So, 10:56 - it is the claimant being penalized and not the reps. After all - if you waive your right to charge and collect a fee for your services, it is only logical to conclude that the claimant should benefit from that and not another rep.

And 10:06 - if you want a firm to be appointed, help SSA define a firm. Does it have to be a LLC or what other form - does a partnership count? Could they still accept sole practitioners? What happens when the firm is dissolved - or merges with another firm? Who gets sanctioned if one member of that firm does something that would call for sanctions or disqualification? Does this apply to every member of the firm? And if the firm fires the errant rep, how does SSA handle that since s/he wasn't appointed as an individual? Lots of issues to be resolved but we never see anything from this supposedly competent group about just how to actually "recognize firms." Easy to say over and over but much harder to try and implement.

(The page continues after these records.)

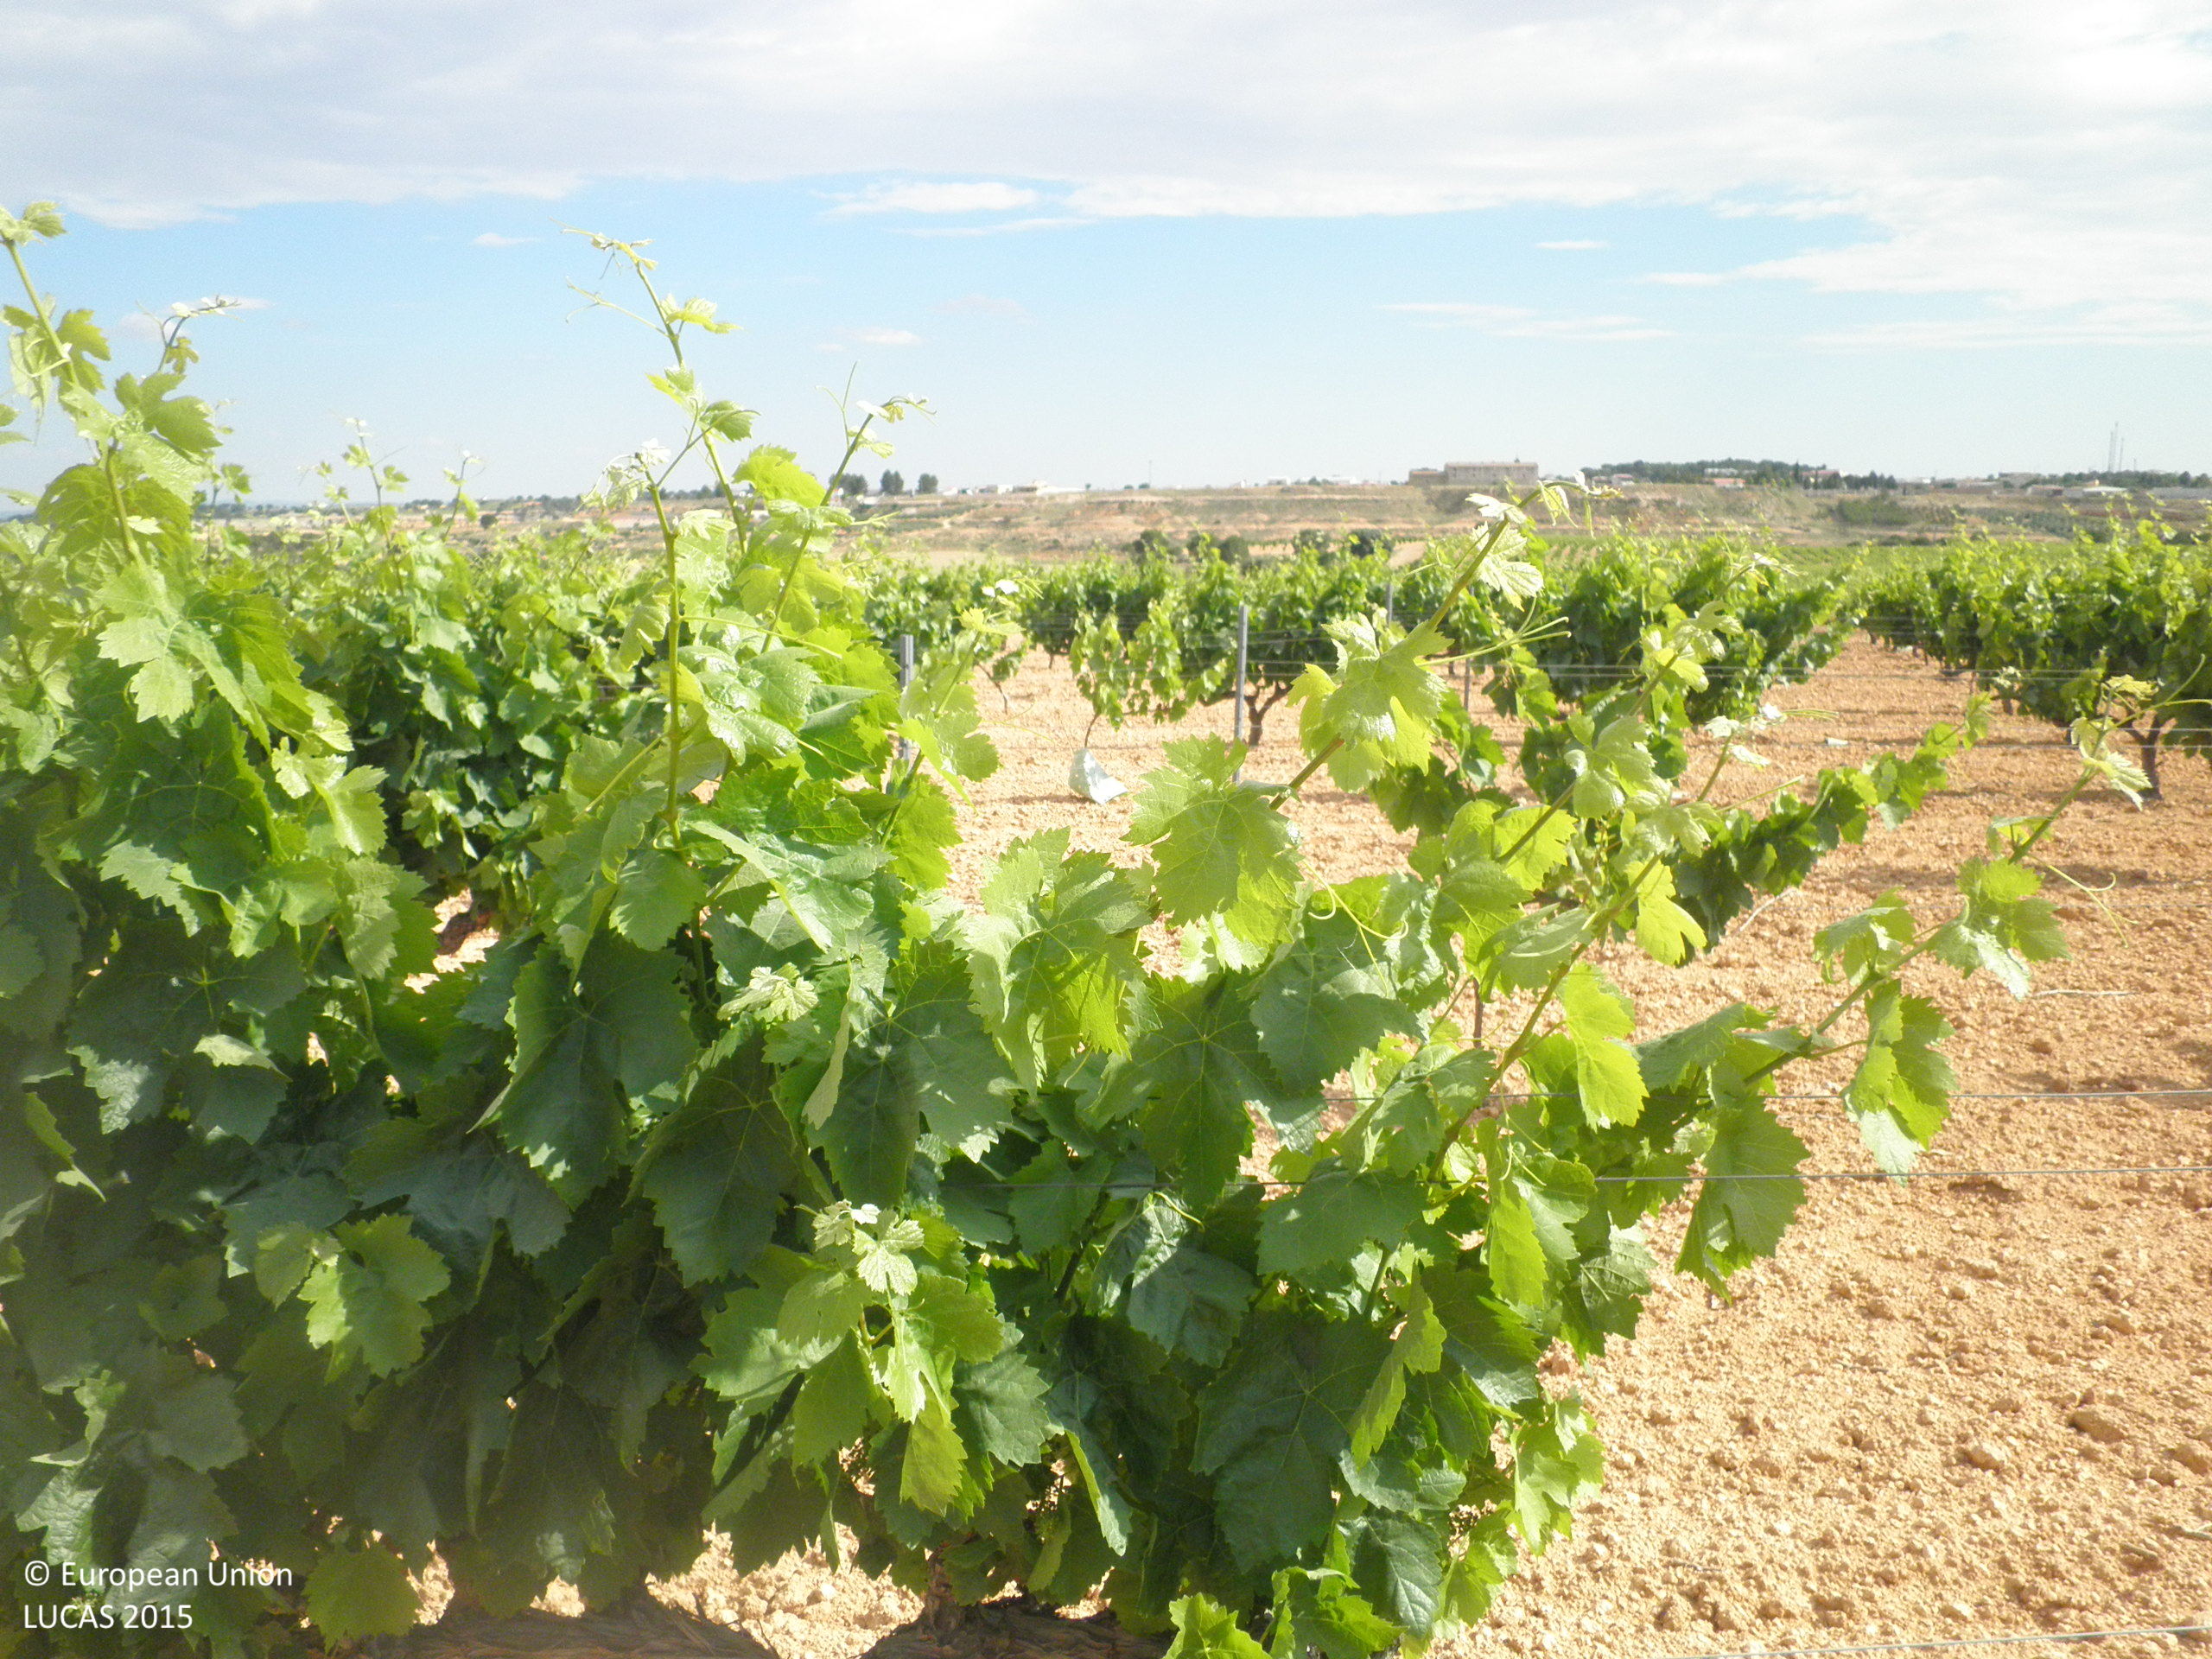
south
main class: Cropland
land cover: Vineyards
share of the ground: < 10 %
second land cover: Other bare soil
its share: > 75 %
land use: Agriculture (excluding fallow land and kitchen gardens)
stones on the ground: < 10 %
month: June
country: ES
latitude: 39.3139
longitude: -1.6590

And all of you - it is my understanding that SSA would give a lot to get out of the fee business. However, that takes changes to the Social Security Act. If you all want to charge and collect whatever you want directly from claimants, then help SSA convince Congress that section 206 is no longer needed!

Anonymous said...

@ 3:30

but then what about the poor and deserving non-attorney reps? How will they afford to (officially not, despite doing things such as preserving legal rights on appeal, interpreting statutes and regs, and challenging the use of/cross-examining expert witnesses) practice law anymore??

Anonymous said...

4:27 hits the "just 1696 a firm" problems on the head.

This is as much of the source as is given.